No one is asking you to think of positives. Just quit questioning others who do find positives. Quit demeaning them because they make list of things they like about themselves. Quit questioning their diagnosis because they don't completely hate their autism and think exactly like you.
Denying it is a disability disenfranchises me, it makes my life harder, I do not care about how it makes you feel about yourself since real life is more important than feelings.
Agreed. If people are flat out saying that autism is not disabling in many respects then I would disagree with them (I haven't left my house in days). However, I also can't find fault with people who are trying to find positives in their experience. I don't believe that is disenfranchising at all. A disability doesn't have to have a 100% negative effect on your life to still qualify as a disability.
If I try to place myself within "normal" groups under their terms, I would be "found out" quickly.
I set myself apart, and come across as the "court jester" or "village idiot" or something like that. I'm halfway successful in this.
Over my life, I've learned about people and how they tick. Despite this, I still don't really have any "best friends," per se.
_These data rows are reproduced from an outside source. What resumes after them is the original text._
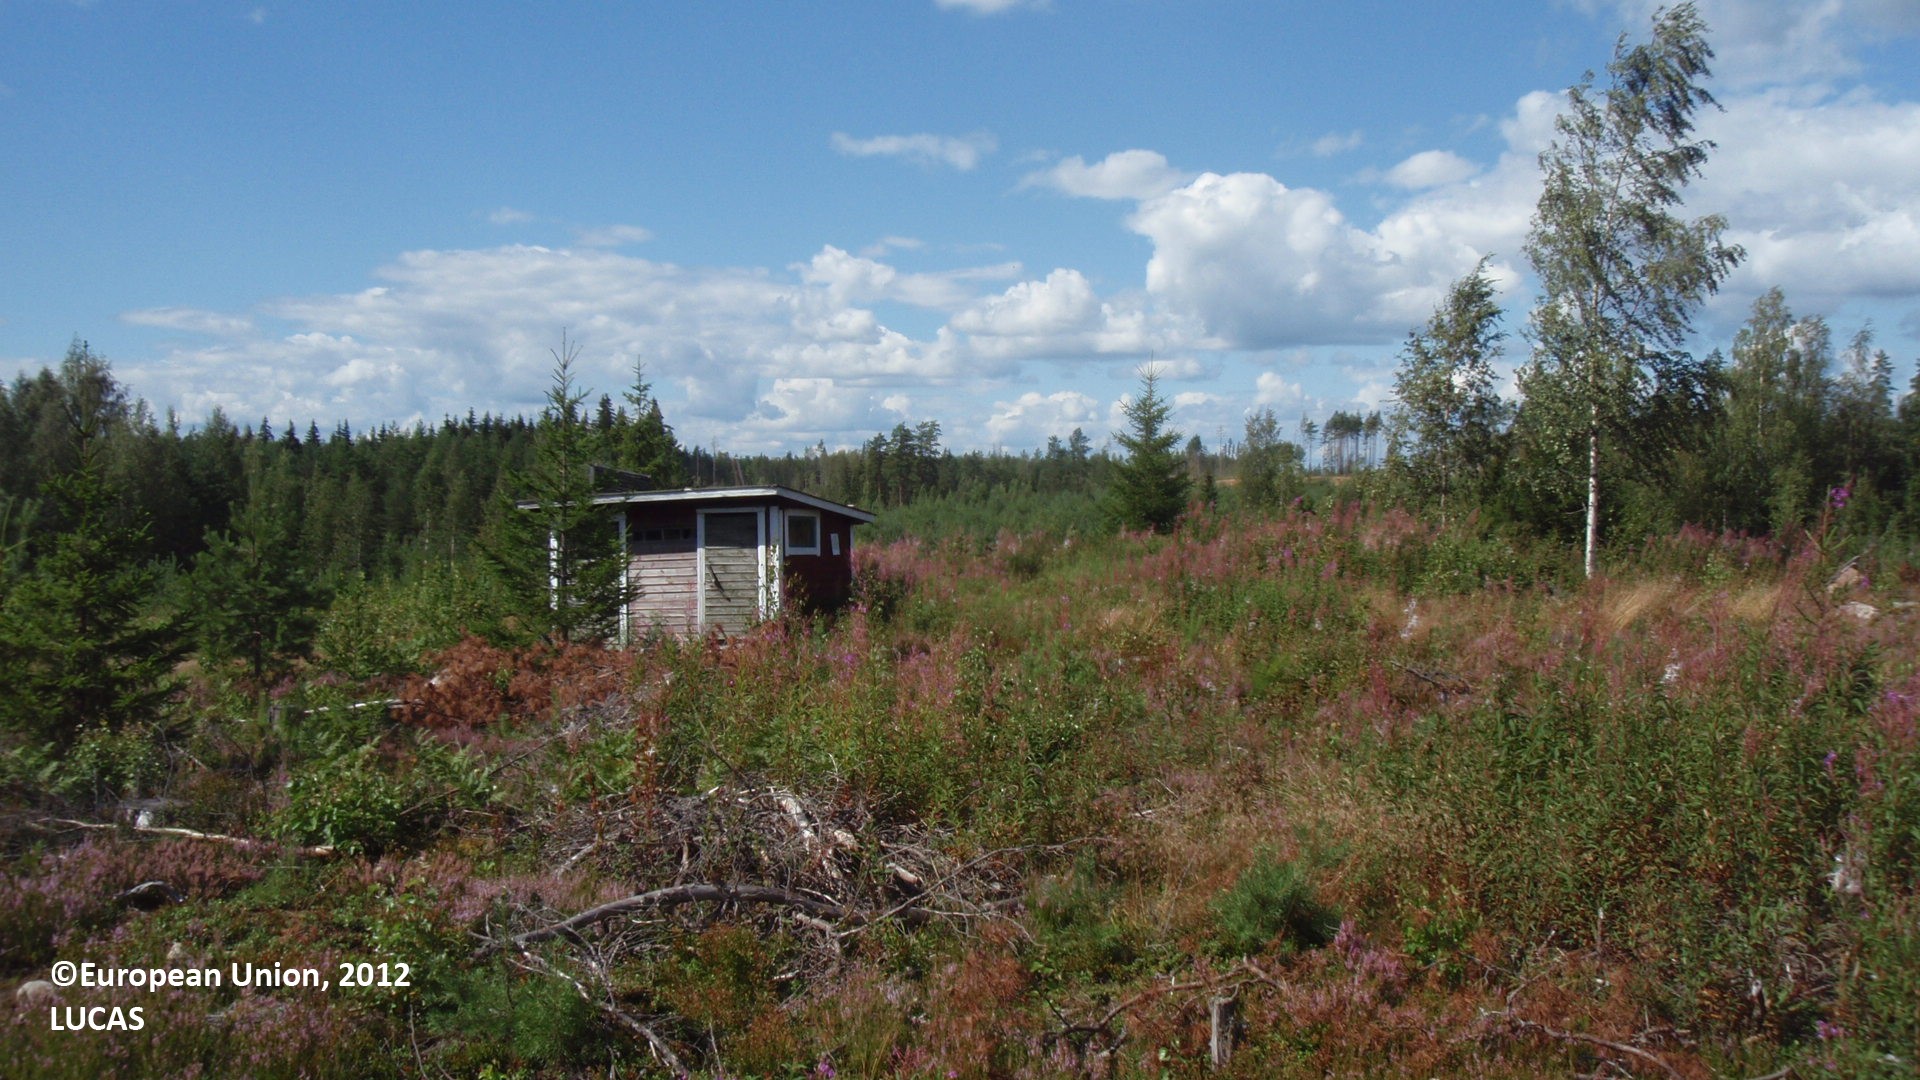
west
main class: Shrubland
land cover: Shrubland with sparse tree cover
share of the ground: 50 - 75 %
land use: Forestry
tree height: < 5 m
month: August
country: FI
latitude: 61.0492
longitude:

I was quite severely autistic until age 5. Then I became Aspergian in presentation. I don't know why this happened. I had a speech delay--didn't speak till age 5 1/2. I caught up quickly, though, though not in "social" speech.
I feel impaired in life--but I'm fortunate that I was able to find a suitable job.
That's really interesting. Stories like that make me want to read some more research studies on autism.
I always thought I had a normal early childhood. Then I found out from my parents how different I was. I was not very interested in social interactions and didn't really use facial expressions. There were a lot of other behavioral differences, too.
I spoke very early, however, and was very advanced in language skills for my age. I wonder why?
Those things really interest me and make me want to find out why symptoms can be so different from person to person.